#### Data for analysis

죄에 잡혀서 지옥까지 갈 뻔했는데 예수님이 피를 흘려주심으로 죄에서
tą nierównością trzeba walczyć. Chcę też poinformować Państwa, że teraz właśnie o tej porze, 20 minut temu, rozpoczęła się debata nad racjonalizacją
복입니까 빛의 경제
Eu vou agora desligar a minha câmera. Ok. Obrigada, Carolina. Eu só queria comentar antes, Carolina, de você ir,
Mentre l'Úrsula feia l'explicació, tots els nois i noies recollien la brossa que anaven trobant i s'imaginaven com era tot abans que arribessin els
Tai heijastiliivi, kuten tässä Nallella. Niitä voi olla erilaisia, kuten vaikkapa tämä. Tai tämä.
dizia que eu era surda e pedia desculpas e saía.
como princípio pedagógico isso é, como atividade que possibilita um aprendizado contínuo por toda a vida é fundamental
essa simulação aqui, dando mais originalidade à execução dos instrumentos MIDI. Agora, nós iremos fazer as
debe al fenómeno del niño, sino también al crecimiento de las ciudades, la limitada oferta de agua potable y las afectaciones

########

- To do
Everything from the line with "dizia que eu" to the last line of the data is what to return, word for word; leave out the rest.

- Written reply
dizia que eu era surda e pedia desculpas e saía.
como princípio pedagógico isso é, como atividade que possibilita um aprendizado contínuo por toda a vida é fundamental
essa simulação aqui, dando mais originalidade à execução dos instrumentos MIDI. Agora, nós iremos fazer as
debe al fenómeno del niño, sino también al crecimiento de las ciudades, la limitada oferta de agua potable y las afectaciones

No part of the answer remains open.